Drop every picture, then repeat the records exactly.

───── INFORMATION GIVEN ─────

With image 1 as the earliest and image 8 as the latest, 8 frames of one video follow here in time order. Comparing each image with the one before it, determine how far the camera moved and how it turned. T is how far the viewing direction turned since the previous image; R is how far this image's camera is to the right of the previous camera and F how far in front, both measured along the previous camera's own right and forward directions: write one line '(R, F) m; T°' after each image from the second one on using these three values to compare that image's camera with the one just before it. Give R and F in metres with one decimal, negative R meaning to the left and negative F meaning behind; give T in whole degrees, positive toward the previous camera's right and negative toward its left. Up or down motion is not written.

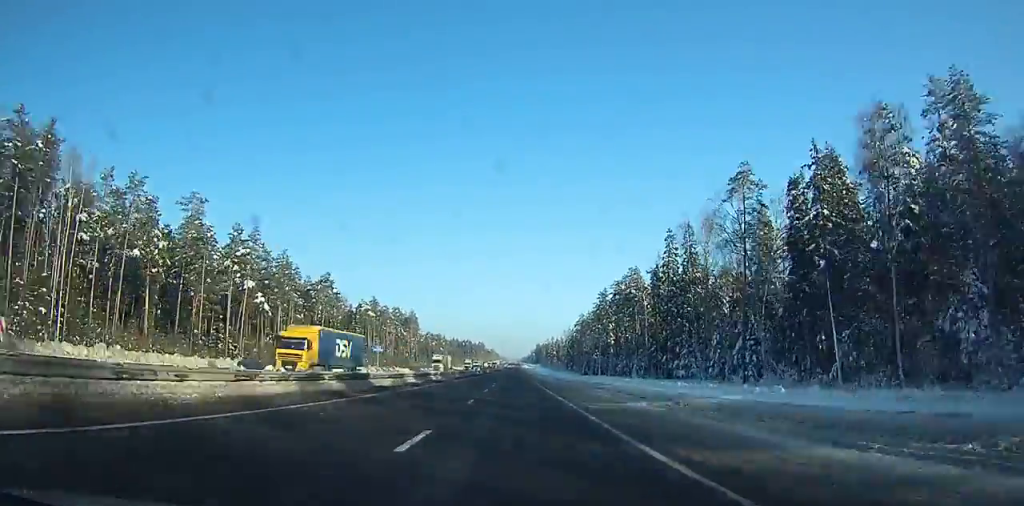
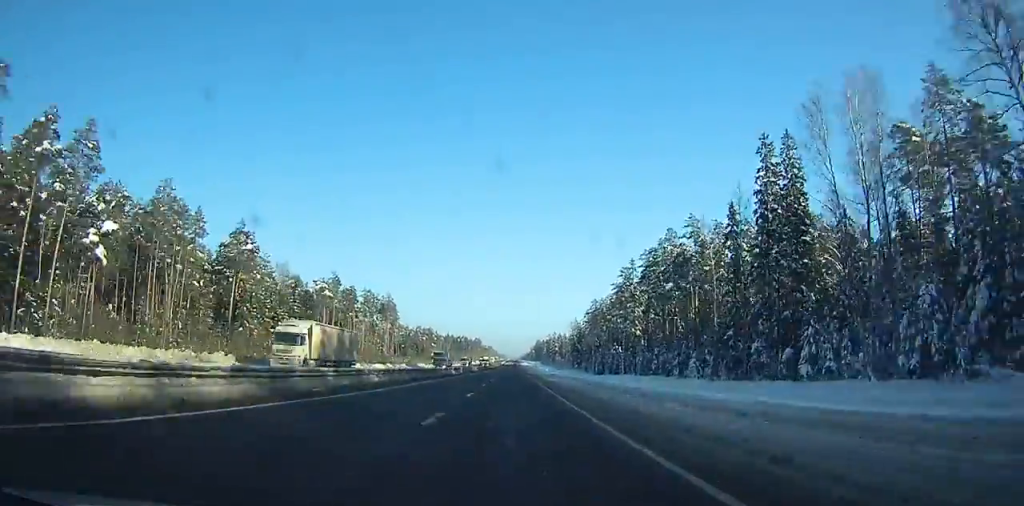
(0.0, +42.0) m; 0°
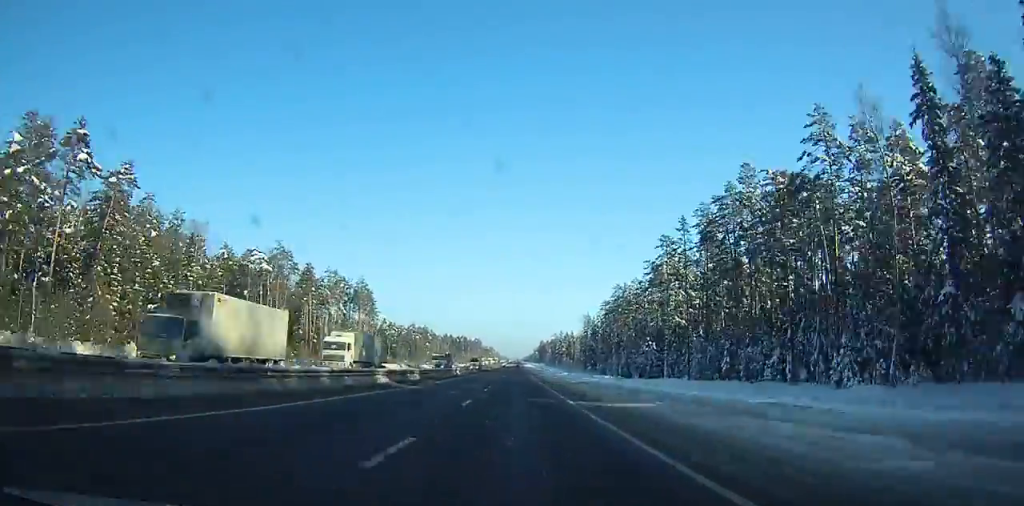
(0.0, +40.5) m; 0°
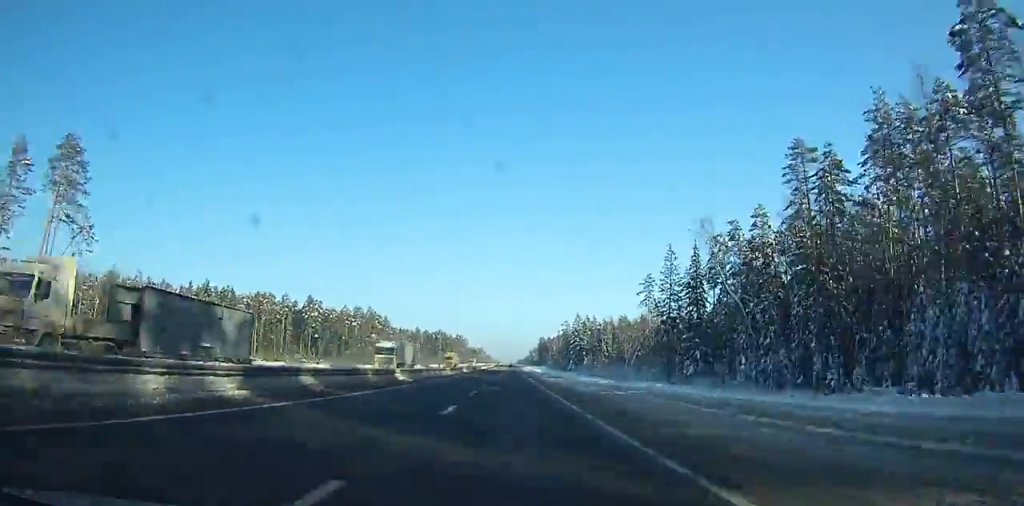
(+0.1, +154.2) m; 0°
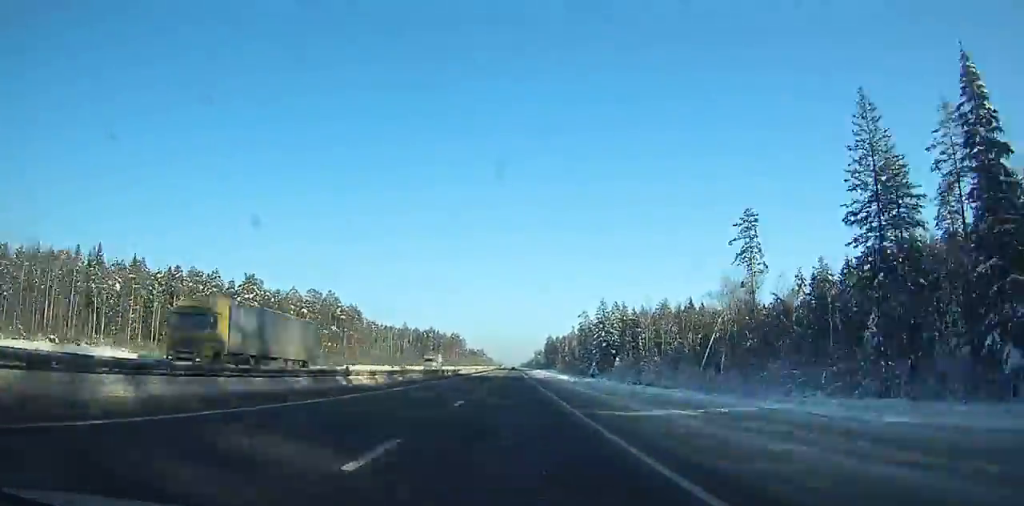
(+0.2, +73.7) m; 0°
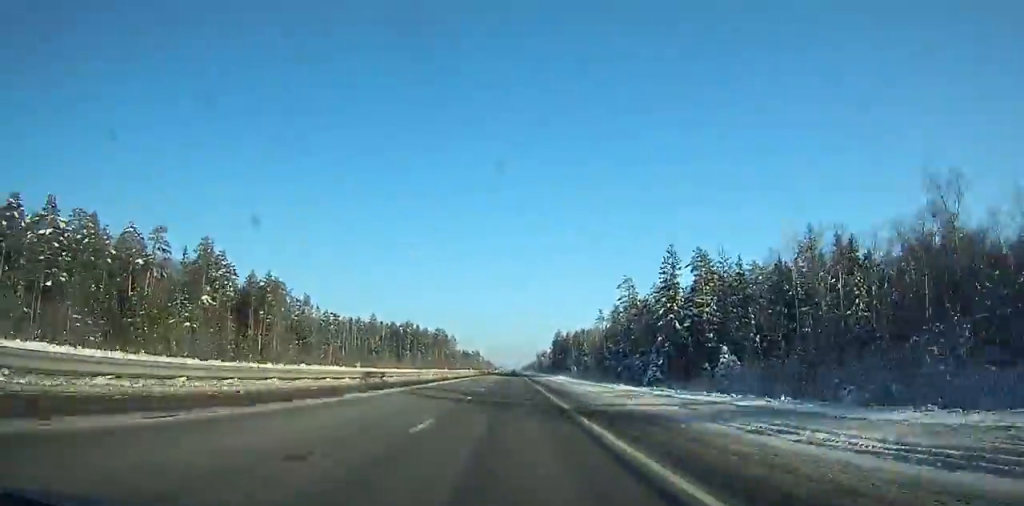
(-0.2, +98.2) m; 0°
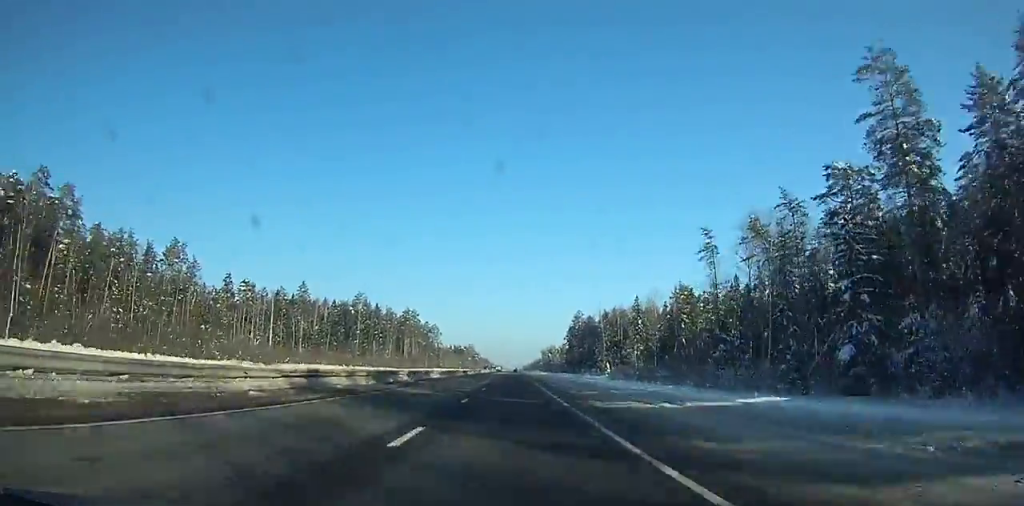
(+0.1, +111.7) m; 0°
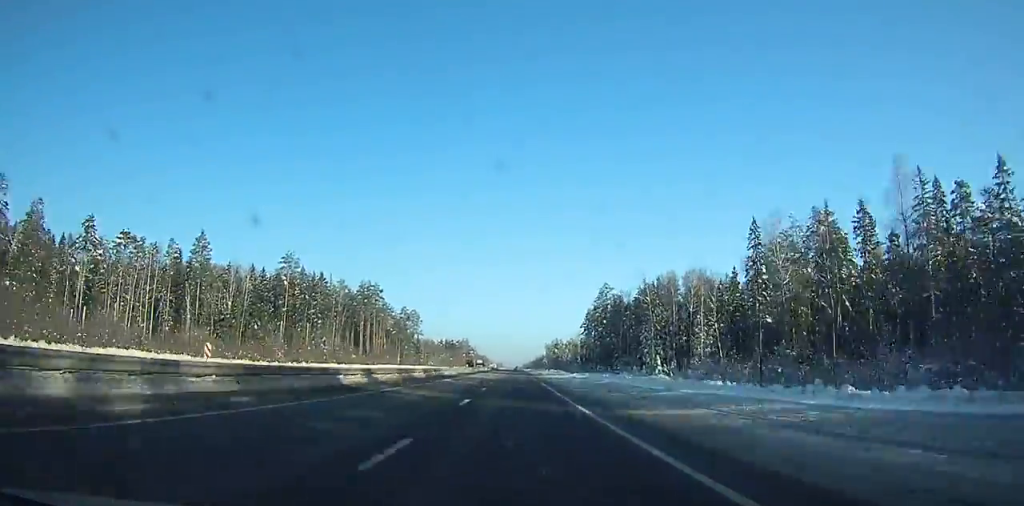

─────

### RESULT FOR THIS EXERCISE
With image 1 as the earliest and image 8 as the latest, 8 frames of one video follow here in time order. Comparing each image with the one before it, determine how far the camera moved and how it turned. T is how far the viewing direction turned since the previous image; R is how far this image's camera is to the right of the previous camera and F how far in front, both measured along the previous camera's own right and forward directions: write one line '(R, F) m; T°' after each image from the second one on using these three values to compare that image's camera with the one just before it. Give R and F in metres with one decimal, negative R meaning to the left and negative F meaning behind; give T in whole degrees, positive toward the previous camera's right and negative toward its left. Up or down motion is not written.

(0.0, +42.0) m; 0°
(0.0, +40.5) m; 0°
(+0.1, +154.2) m; 0°
(+0.2, +73.7) m; 0°
(-0.2, +98.2) m; 0°
(+0.1, +111.7) m; 0°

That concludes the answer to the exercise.